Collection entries

BEGIN

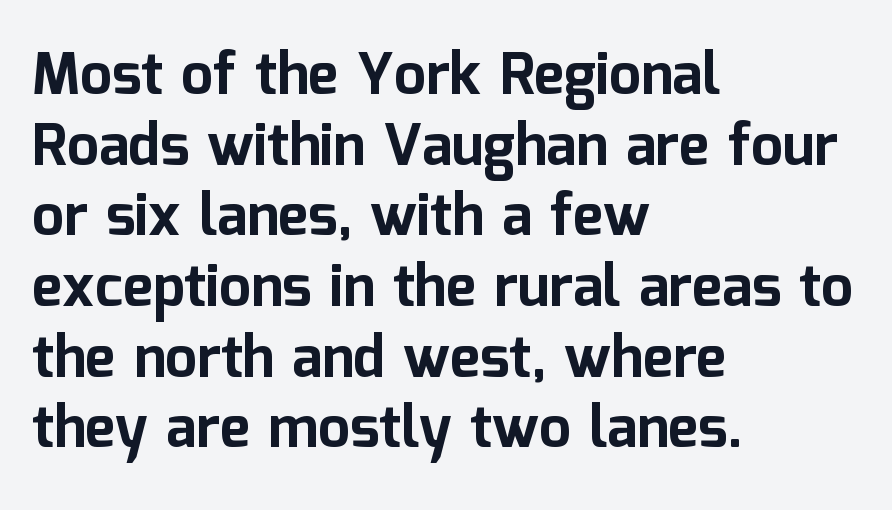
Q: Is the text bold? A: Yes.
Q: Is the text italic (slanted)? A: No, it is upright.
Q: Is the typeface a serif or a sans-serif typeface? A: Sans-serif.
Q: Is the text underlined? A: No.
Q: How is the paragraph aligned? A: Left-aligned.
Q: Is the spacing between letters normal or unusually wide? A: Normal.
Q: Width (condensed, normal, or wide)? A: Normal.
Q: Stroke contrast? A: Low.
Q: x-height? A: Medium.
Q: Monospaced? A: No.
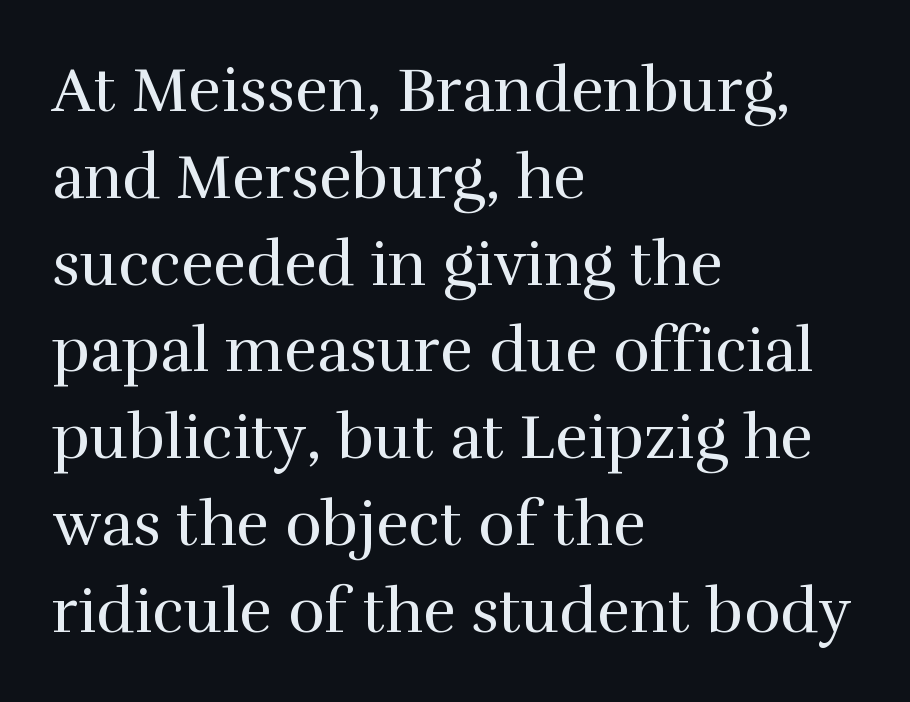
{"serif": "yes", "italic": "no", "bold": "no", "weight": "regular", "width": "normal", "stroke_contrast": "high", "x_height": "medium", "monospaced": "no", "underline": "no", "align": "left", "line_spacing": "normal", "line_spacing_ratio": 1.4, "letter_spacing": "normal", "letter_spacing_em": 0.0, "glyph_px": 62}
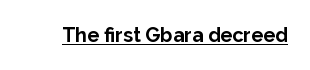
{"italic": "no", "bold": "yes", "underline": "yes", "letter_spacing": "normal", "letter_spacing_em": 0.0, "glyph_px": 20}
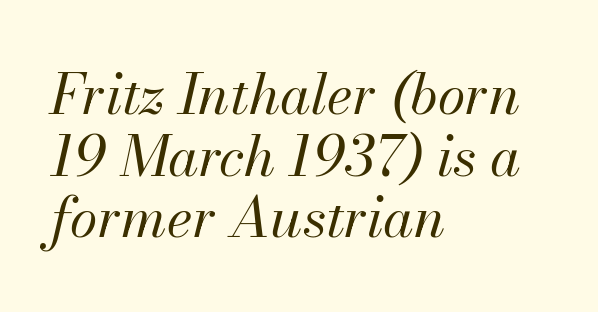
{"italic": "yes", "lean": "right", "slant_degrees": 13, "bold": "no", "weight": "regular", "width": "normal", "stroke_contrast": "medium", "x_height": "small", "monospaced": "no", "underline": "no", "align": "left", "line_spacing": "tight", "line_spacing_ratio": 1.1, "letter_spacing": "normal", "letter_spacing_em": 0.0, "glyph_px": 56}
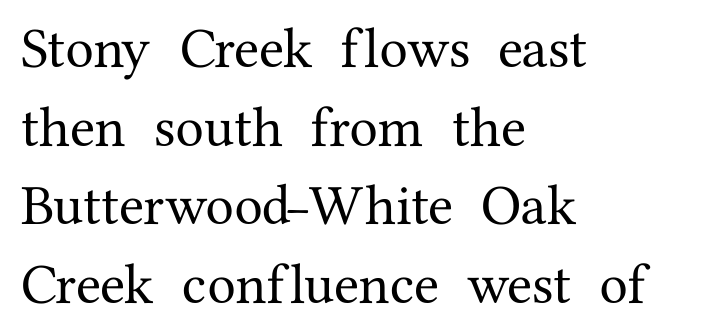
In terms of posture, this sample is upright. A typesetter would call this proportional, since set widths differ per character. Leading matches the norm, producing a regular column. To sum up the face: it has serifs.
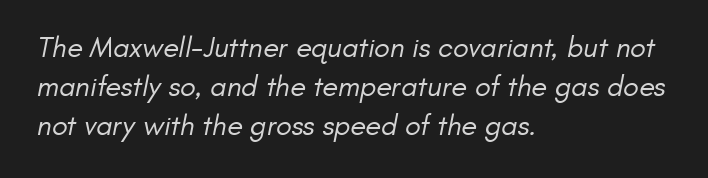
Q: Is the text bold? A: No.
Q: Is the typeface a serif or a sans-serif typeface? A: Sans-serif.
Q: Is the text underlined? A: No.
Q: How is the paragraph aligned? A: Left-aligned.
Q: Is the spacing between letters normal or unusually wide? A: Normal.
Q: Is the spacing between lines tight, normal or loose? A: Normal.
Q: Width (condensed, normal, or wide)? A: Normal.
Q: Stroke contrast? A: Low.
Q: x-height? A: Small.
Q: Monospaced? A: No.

END

● **HOW TO COMPLETE THIS TASK**: Read through the entries and copy every line that includes "bold".

● **ANSWER BOX**:
Q: Is the text bold? A: Yes.
{"serif": "yes", "italic": "no", "bold": "no", "weight": "regular", "width": "normal", "stroke_contrast": "high", "x_height": "medium", "monospaced": "no", "underline": "no", "align": "left", "line_spacing": "normal", "line_spacing_ratio": 1.4, "letter_spacing": "normal", "letter_spacing_em": 0.0, "glyph_px": 62}
{"italic": "no", "bold": "yes", "underline": "yes", "letter_spacing": "normal", "letter_spacing_em": 0.0, "glyph_px": 20}
{"italic": "yes", "lean": "right", "slant_degrees": 13, "bold": "no", "weight": "regular", "width": "normal", "stroke_contrast": "medium", "x_height": "small", "monospaced": "no", "underline": "no", "align": "left", "line_spacing": "tight", "line_spacing_ratio": 1.1, "letter_spacing": "normal", "letter_spacing_em": 0.0, "glyph_px": 56}
Q: Is the text bold? A: No.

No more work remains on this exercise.